Two new specific entries are created: flammable gas hybrid vehicle and flammable liquid hybrid vehicle. These do not replace the general entry — they complement it, giving airlines much more precise information from the outset to assess risk, plan stowage, and organise emergency responses. It is the regulations catching up with the roads of the present.

5. Appendix H: the map of the future

One of the most valuable additions in this edition for the industry is the new Appendix H, which previews changes planned for future editions. It is a strategic planning tool that allows manufacturers, consignors, and logistics operators to begin preparing today for tomorrow's regulatory framework.

 

Area

Planned change

Logistics impact

Medicine

Blood and its components for transfusions will be included as a specific exception

Will significantly streamline the urgent transport of blood products, reducing bureaucracy in medical emergency situations.

Data recording

The exception for small data recorders with lithium batteries will be extended to include sodium-ion batteries

Acknowledges the next major battery technology before it floods the market.

Hybrid batteries

A specific guidance will be created for classifying batteries combining lithium-ion and sodium-ion cells in a single pack

The regulations anticipate a technology still in the laboratory rather than waiting for it to become widespread before regulating it.

Aerosols

Certain types that, in addition to being flammable, meet the criteria of another hazard class (such as toxicity) will be prohibited

Simplifies the classification of complex products by choosing the safest approach: prohibiting them outright.

Personal use

A note will be added clarifying what 'personal use' means for passenger items

Ends the grey area: 10 hairdryers in sealed retail packaging are not 'personal use'. Gives airlines a solid basis for rejecting disguised commercial shipments.

New UN numbers

Entries for solid chloropheles (toxic) and for lithium and sodium batteries installed in cargo transport units (refrigerated containers)

Regulates not only the battery but the equipment containing it as an autonomous energy source.

 

6. Clearing the past: provisions removed and corrected

The 67th edition also carries out maintenance work that is equally necessary. Special provision A1 — applicable to a type of packaging the industry has abandoned — is removed, because keeping it is equivalent to having a traffic rule for horse-drawn carriages in a city of electric vehicles: it only creates confusion. A contradictory sentence in A100 is corrected and the removal of A226 mid-edition is announced.
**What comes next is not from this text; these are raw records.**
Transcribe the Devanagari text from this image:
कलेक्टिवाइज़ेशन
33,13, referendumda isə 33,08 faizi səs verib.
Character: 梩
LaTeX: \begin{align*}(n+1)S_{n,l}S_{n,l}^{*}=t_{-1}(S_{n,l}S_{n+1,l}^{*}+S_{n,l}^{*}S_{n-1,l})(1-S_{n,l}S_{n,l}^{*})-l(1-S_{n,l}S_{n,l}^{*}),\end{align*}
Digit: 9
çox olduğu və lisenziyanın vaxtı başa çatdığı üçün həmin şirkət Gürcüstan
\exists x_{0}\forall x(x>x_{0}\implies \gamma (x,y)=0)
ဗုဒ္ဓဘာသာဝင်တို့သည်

Every provision removed or corrected prevents someone, somewhere in the world, from applying a standard that no longer makes sense. It is debugging the code to ensure there are no obsolete lines that could cause an error.
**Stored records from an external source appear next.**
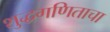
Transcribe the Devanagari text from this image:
शुद्धगणिताचा
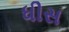
ધીસ
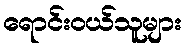
ရောင်းဝယ်သူများ
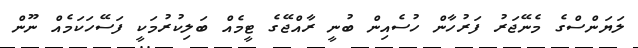
ލަޔަންސްގެ މެނޭޖަރު ފަރުހާން ހުސެއިން ބުނީ ރާއްޖޭގެ ޓީމެއް ބަލިކުރުމަކީ ފަސޭހަކަމެއް ނޫން
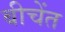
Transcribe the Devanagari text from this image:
बीचेंत
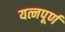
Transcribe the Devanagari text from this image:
यत्नपूर्ण
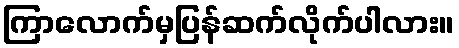
ကြာလောက်မှပြန်ဆက်လိုက်ပါလား။
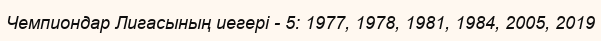
Чемпиондар Лигасының иегері - 5: 1977, 1978, 1981, 1984, 2005, 2019
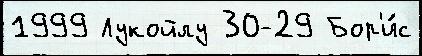
1999 Лукойлу 30-29 Бор'и́с
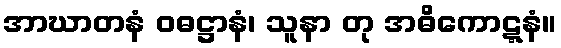
အာဃာတနံ ဝဓဋ္ဌာနံ၊ သူနာ တု အဓိကောဋ္ဋနံ။
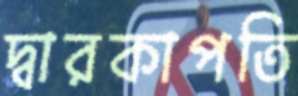
দ্বারকাপতি
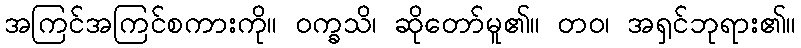
အကြင်အကြင်စကားကို။ ဝက္ခသိ၊ ဆိုတော်မူ၏။ တဝ၊ အရှင်ဘုရား၏။
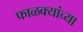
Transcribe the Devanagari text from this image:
फाळक्यांच्या
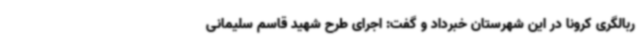
ربالگری کرونا در این شهرستان خبرداد و گفت: اجرای طرح شهید قاسم سلیمانی
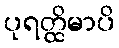
ပုရတ္ထိမာပိ
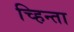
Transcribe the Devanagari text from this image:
च्हिन्ता
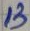
Text: 13

The IATA Dangerous Goods Regulations are a living organism adapting to two simultaneous and unstoppable pressures: technological innovation that continuously creates new risks, and the internal need to become ever clearer, more standardised, and more unambiguous. The regulations are not a containment wall — they are a constantly self-correcting guidance system. And this leaves us with a question that goes beyond the technical: in a global system so complex, with so many actors, cultures, and languages, is the battle against misinterpretation and human error a safety challenge as great as — or perhaps even greater than — the intrinsic hazardousness of the materials being regulated?